In summary, the motor of the invention disposes permanent magnet or yoke close to the air bearing structure, or changes the winding numbers of coils of the stator to change the magnetic field. Thus, the air gap is non-uniform while the air bearing structure rotates so as to reduce the vibration. Compared with the prior art, the invention utilizes the magnetic body to change the distribution of the magnetic field in the motor for stabilizing the shaft. In other words, it is unnecessary to process the shaft to form the conventional grooves.

Although the invention has been described with reference to specific embodiments, this description is not meant to be construed in a limiting sense. Various modifications of the disclosed embodiments, as well as alternative embodiments, will be apparent to persons skilled in the art. It is, therefore, contemplated that the appended claims will cover all modifications that fall within the true scope of the invention.

Claims

1. A motor comprising:

a shaft;

a stator having a plurality of coils;

a rotor disposed between the shaft and the stator so that an air gap is formed between the rotor and the shaft; and

a magnetic body disposed at the periphery of the stator.

2. The motor according to claim 1, wherein the magnetic body is disposed on any one of the coils.

3. The motor according to claim 2, wherein the magnetic body is a permanent magnet, a magnetite or a magnetic yoke.

4. The motor according to claim 2, wherein the magnetic body is a soft magnet.

5. The motor according to claim 4, wherein the soft magnet is made of iron, cobalt, nickel or alloys thereof.

6. The motor according to claim 2, wherein the magnetic body is a silicon steel sheet.

7. The motor according to claim 1, wherein the magnetic body is an extra coil provided on any one of the coils.

8. The motor according to claim 7, wherein the extra coil is applied with a current to generate a magnetic force.

9. The motor according to claim 1, wherein the magnetic body is embedded on an inner surface of the stator.

10. The motor according to claim 9, wherein the magnetic body is a magnet, a magnetite or a magnetic yoke.

11. A motor comprising:

a shaft;

a stator having a plurality of coils, wherein at least one of the coils has a winding number different from that of the other coils; and

a rotor disposed between the shaft and the stator so that an air gap is formed between the rotor and the shaft.

12. The motor according to claim 11, wherein the two adjacent coils have the winding numbers different from each other.

13. The motor according to claim 11, wherein two of the coils have the winding numbers different from each other, and are separated by one of the other coils.

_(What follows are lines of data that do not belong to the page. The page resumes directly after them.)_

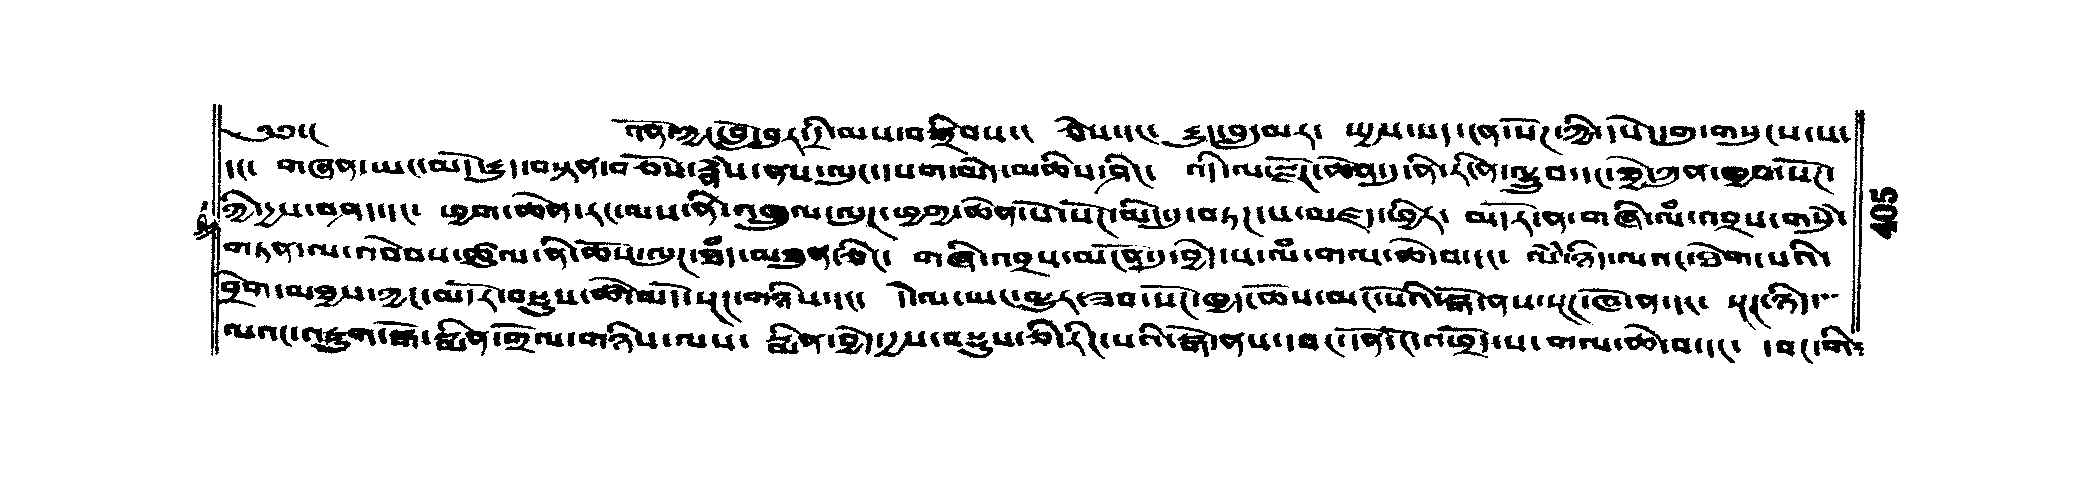འོན་ཀྱང་གློ་བུར་དྲི་མས་བསྒྲིབས། །ཅེས་དང་། རྒྱུད་བླ་མར། སངས་རྒྱས་སད་ངན་སོགས་ཀྱི་དཔེ་དགུ་གསུངས་པ་
དང་། གཞན་ཡང་མདོ་རྒྱུད་བསྟན་བཅོས་རྣམས་ནས་ལུང་དཔག་མེད་མཆིས་ཤིང་། འདི་ལ་རྫོགས་ཆེན་དུ་ནི་རང་བཞིན་ལྷུན་གྲུབ་དང་ཐུགས་རྗེ་ཀུན་ཁྱབ་སོགས་
ཀྱི་རྒྱས་བཤད་དང་། ཕྱག་ཆེན་རང་ལས་ནི་འཁྲུལ་ལུགས་ཕྱག་རྒྱ་ཆེན་པོ་སོགས་མིང་དུ་བཏགས་པ་མཛད་ཕྱིར། མདོར་ན་གཞི་ལམ་འབྲས་གསུམ་
གཏན་ལ་འབེབས་ཚུལ་ནི་ཆོས་ལུགས་ཐམས་ཅད་མཐུན་ཅིང་། གཞི་ལམ་འབྲས་མངོན་དུ་བྱེད་པ་ལམ་གལ་ཆེ་བ་དང་། ལམ་ཉིད་ལའང་ཐེག་པའི་
བྱེ་བྲག་མཐའ་ཡས་ཀྱང་མདོར་བསྡུས་ཚེ་མདོ་སྔགས་གཉིས་དང་། དེ་ལ་ཡང་མྱུར་ཟབ་སོགས་ཁྱད་ཆོས་མང་པོའི་སྒོ་ནས་སྔགས་ཁོ་ན་དང་། སྔགས་ཉིད་
ལའང་འཇུག་སྒོ་སྨིན་གྲོལ་གཉིས་ལས།སྨིན་བྱེད་རྒྱས་བསྡུས་ཅི་རིགས་པའི་སྒོ་ནས་དབང་དོན་་ངོ་འཕྲོད་པ་གལ་ཆེ་བ་དང་། དབང་གི་

14. The motor according to claim 11, wherein the adjacent three of the coils have the winding numbers different from others.

15. A motor comprising:

a shaft;

a stator having a plurality of coils;

a rotor disposed between the shaft and the stator so that an air gap is formed between the rotor and the shaft; and

an iron ring disposed around the rotor or between the stator and the rotor, and having at least one opening.

16. The motor according to claim 15, wherein the opening is located at an end or a center of the iron ring.

17. The motor according to claim 15, wherein the iron ring is a yoke.

18. The motor according to claim 15, wherein the rotor has an extending portion extended away from the shaft, and a permanent magnet corresponding to the coils.